Material supplied:
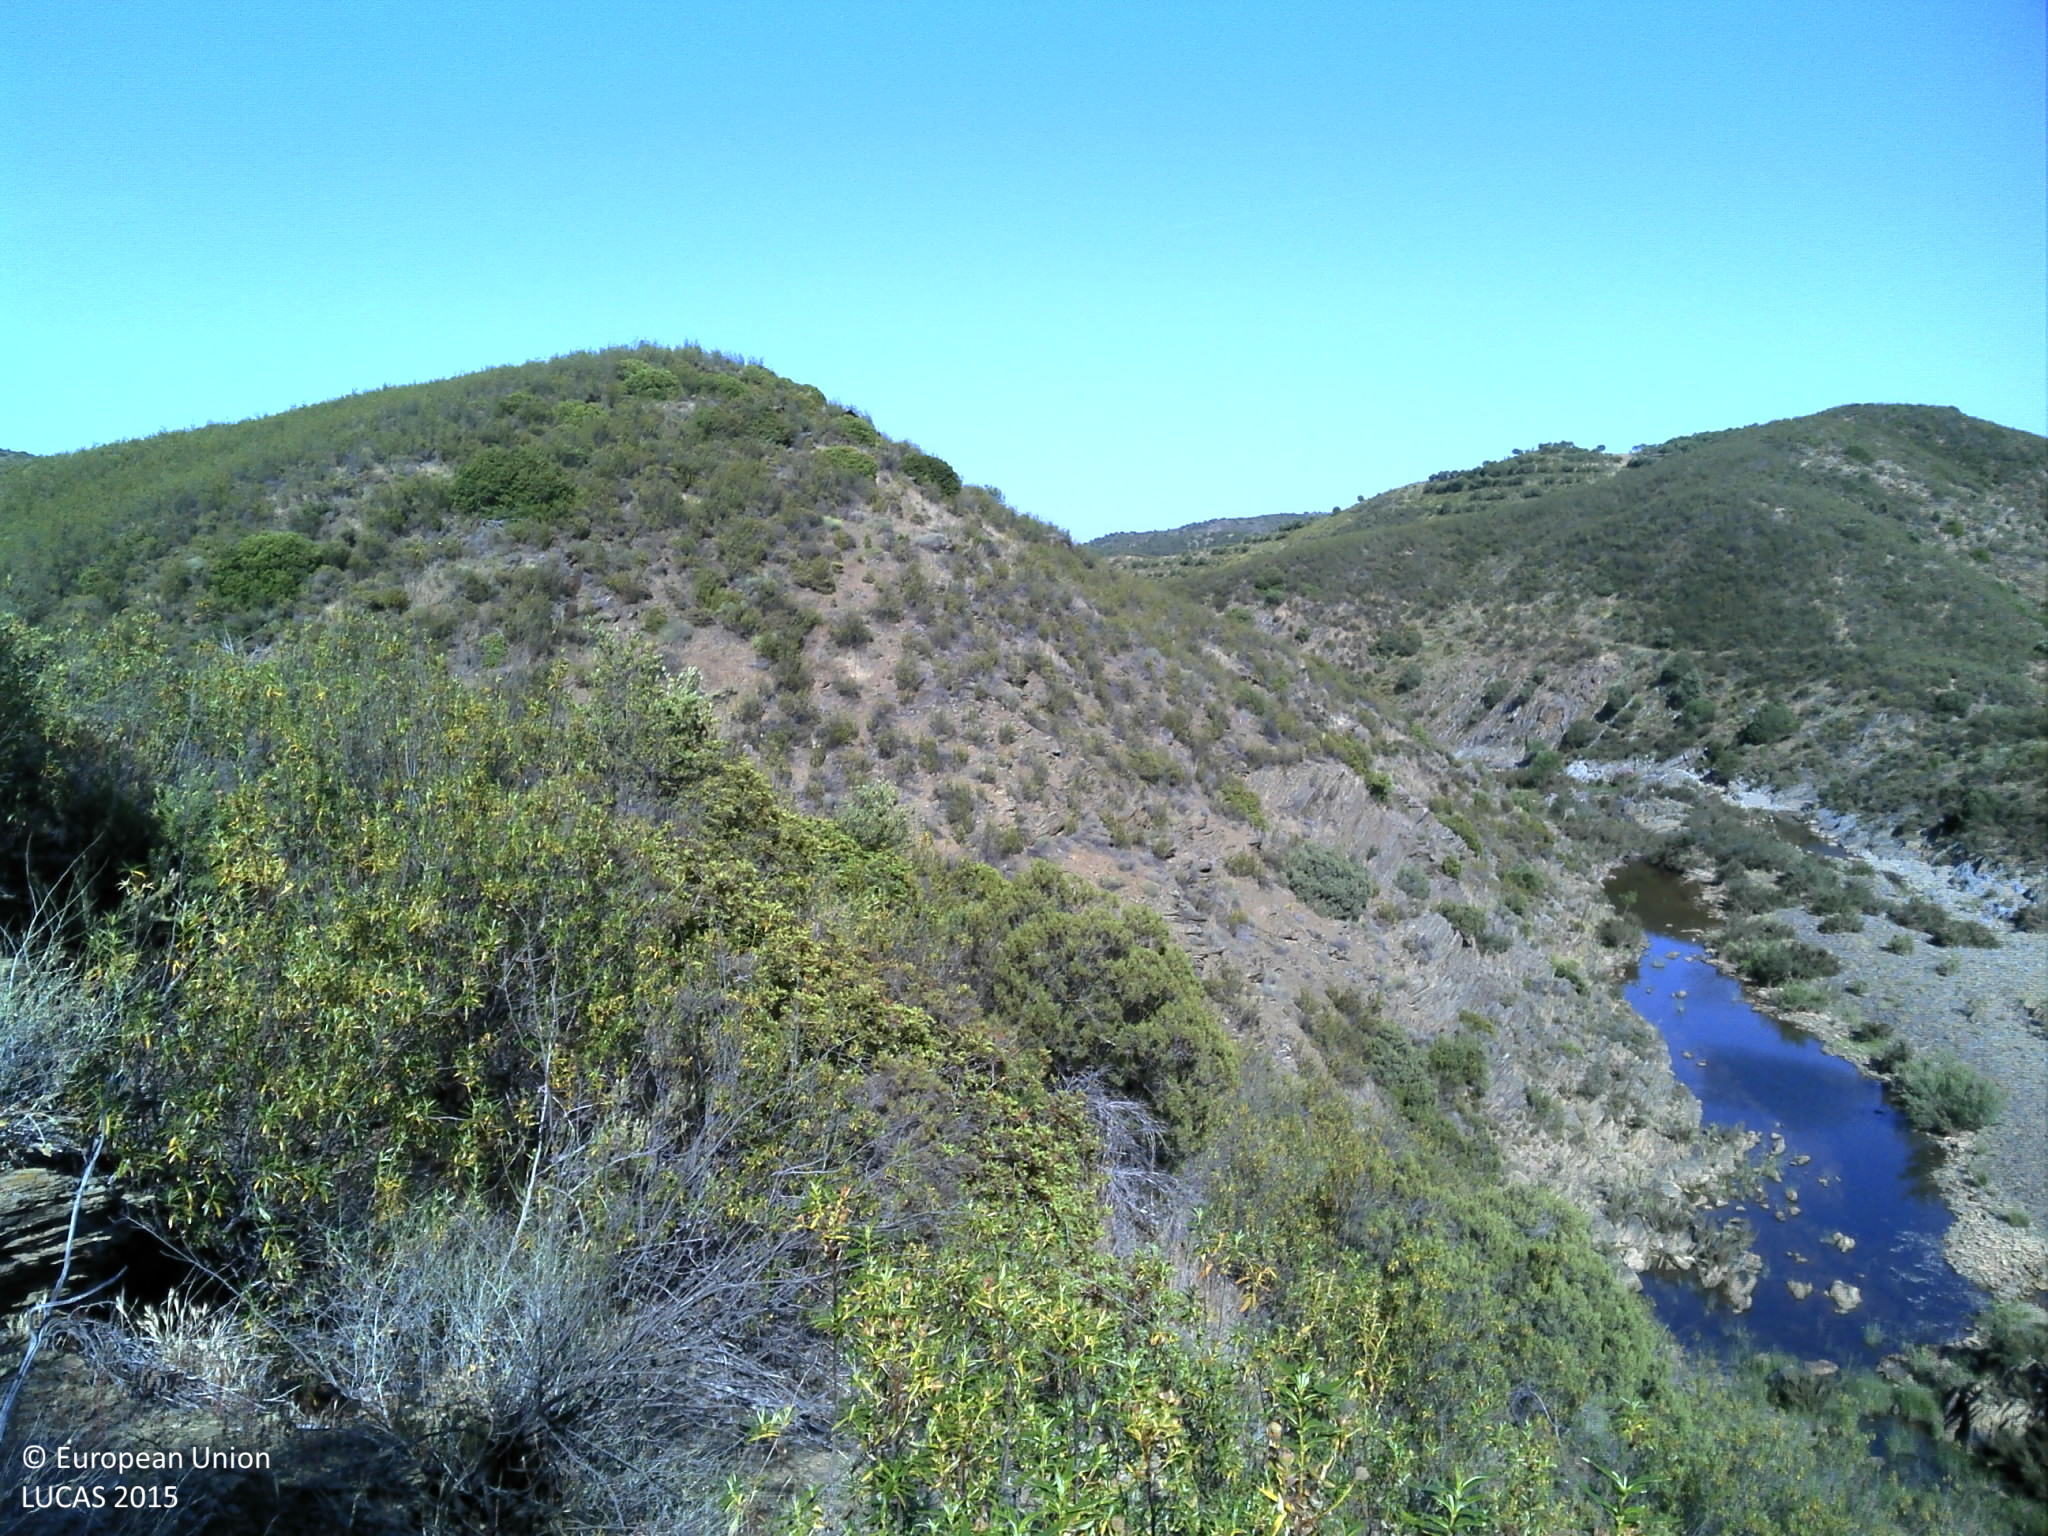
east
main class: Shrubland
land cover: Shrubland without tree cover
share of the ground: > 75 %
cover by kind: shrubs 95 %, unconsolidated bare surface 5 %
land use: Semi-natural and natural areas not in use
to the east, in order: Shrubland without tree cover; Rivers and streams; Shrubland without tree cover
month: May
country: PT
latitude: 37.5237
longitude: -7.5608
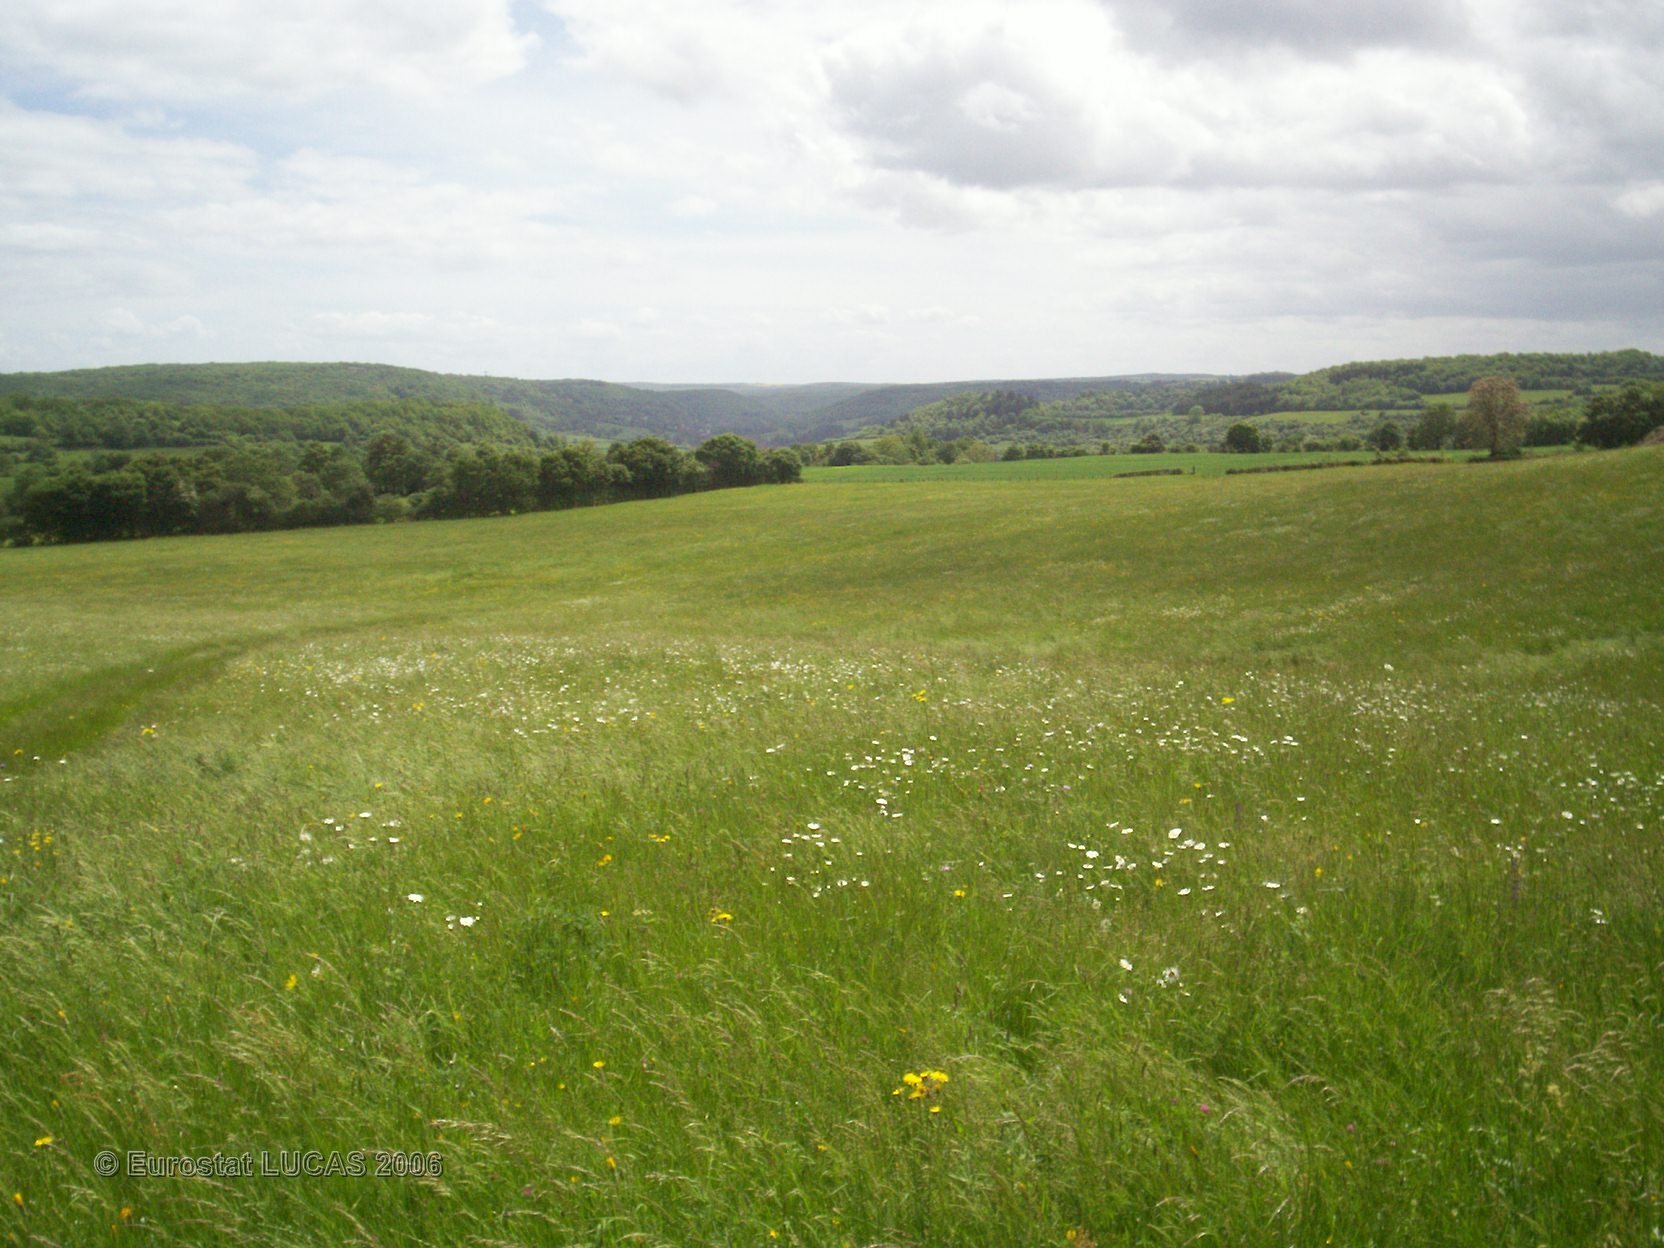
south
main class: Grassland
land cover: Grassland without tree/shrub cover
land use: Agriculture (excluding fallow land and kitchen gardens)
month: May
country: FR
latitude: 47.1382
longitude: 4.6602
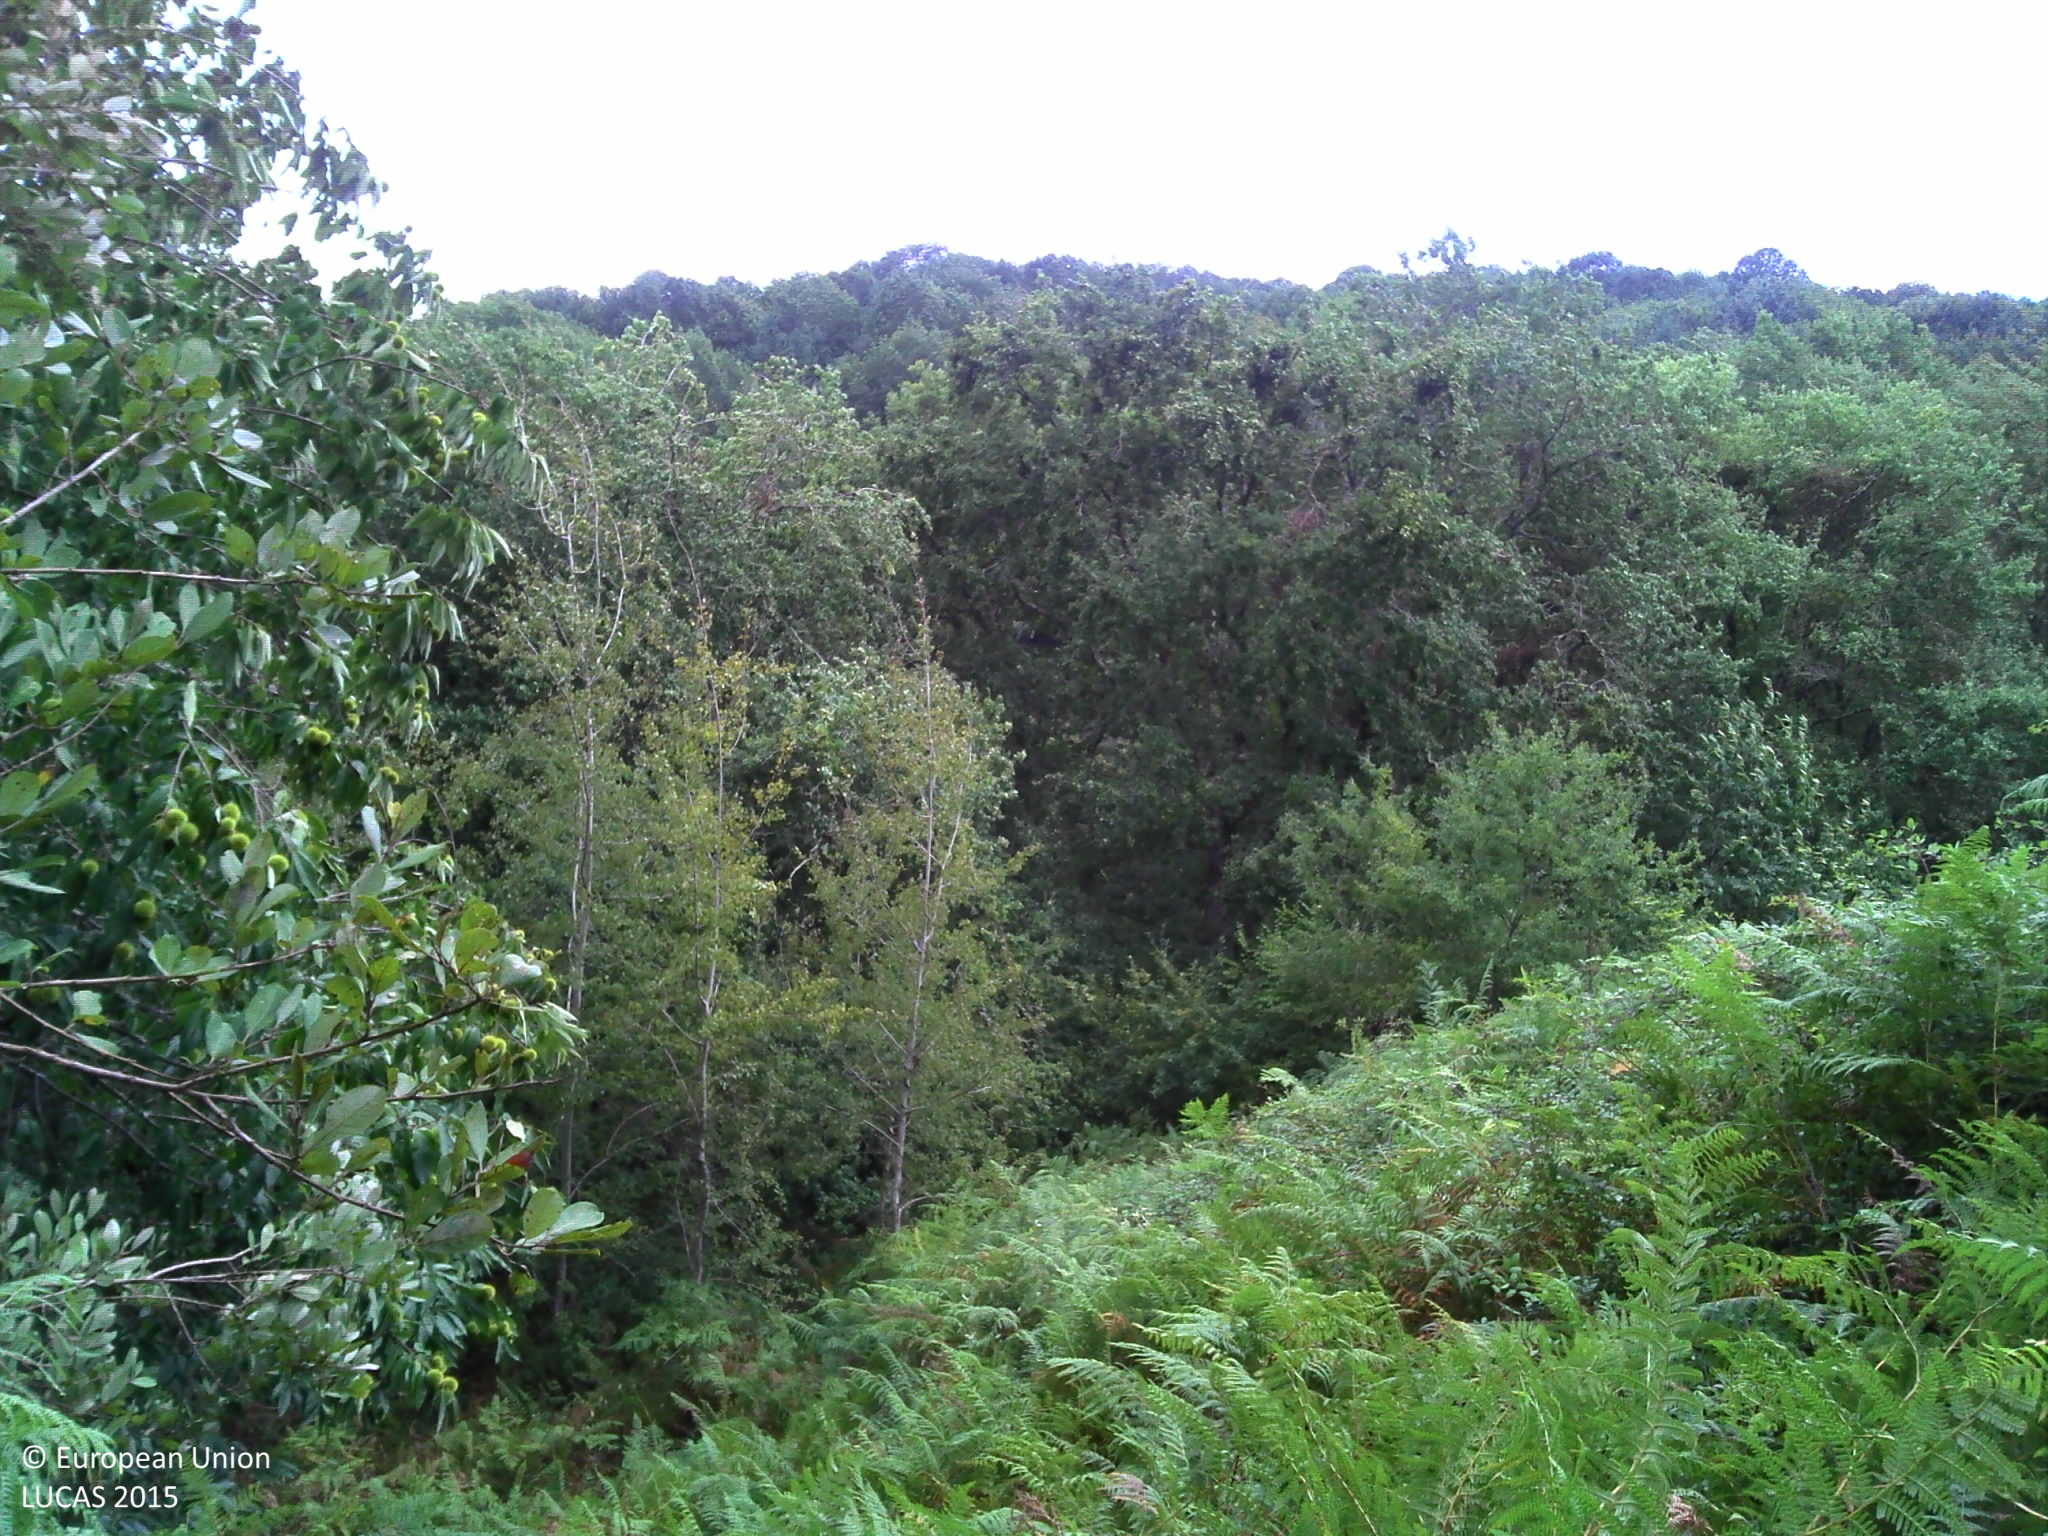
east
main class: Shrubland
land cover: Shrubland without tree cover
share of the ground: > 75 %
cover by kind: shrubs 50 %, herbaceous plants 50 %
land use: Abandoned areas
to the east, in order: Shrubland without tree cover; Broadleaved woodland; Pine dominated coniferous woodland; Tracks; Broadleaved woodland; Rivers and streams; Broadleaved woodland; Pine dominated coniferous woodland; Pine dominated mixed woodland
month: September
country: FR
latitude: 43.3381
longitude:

Exercise prompt:
Output all lines above precisely. Pictures are to be left out.

Final answer:
east
main class: Shrubland
land cover: Shrubland without tree cover
share of the ground: > 75 %
cover by kind: shrubs 95 %, unconsolidated bare surface 5 %
land use: Semi-natural and natural areas not in use
to the east, in order: Shrubland without tree cover; Rivers and streams; Shrubland without tree cover
month: May
country: PT
latitude: 37.5237
longitude: -7.5608
south
main class: Grassland
land cover: Grassland without tree/shrub cover
land use: Agriculture (excluding fallow land and kitchen gardens)
month: May
country: FR
latitude: 47.1382
longitude: 4.6602
east
main class: Shrubland
land cover: Shrubland without tree cover
share of the ground: > 75 %
cover by kind: shrubs 50 %, herbaceous plants 50 %
land use: Abandoned areas
to the east, in order: Shrubland without tree cover; Broadleaved woodland; Pine dominated coniferous woodland; Tracks; Broadleaved woodland; Rivers and streams; Broadleaved woodland; Pine dominated coniferous woodland; Pine dominated mixed woodland
month: September
country: FR
latitude: 43.3381
longitude:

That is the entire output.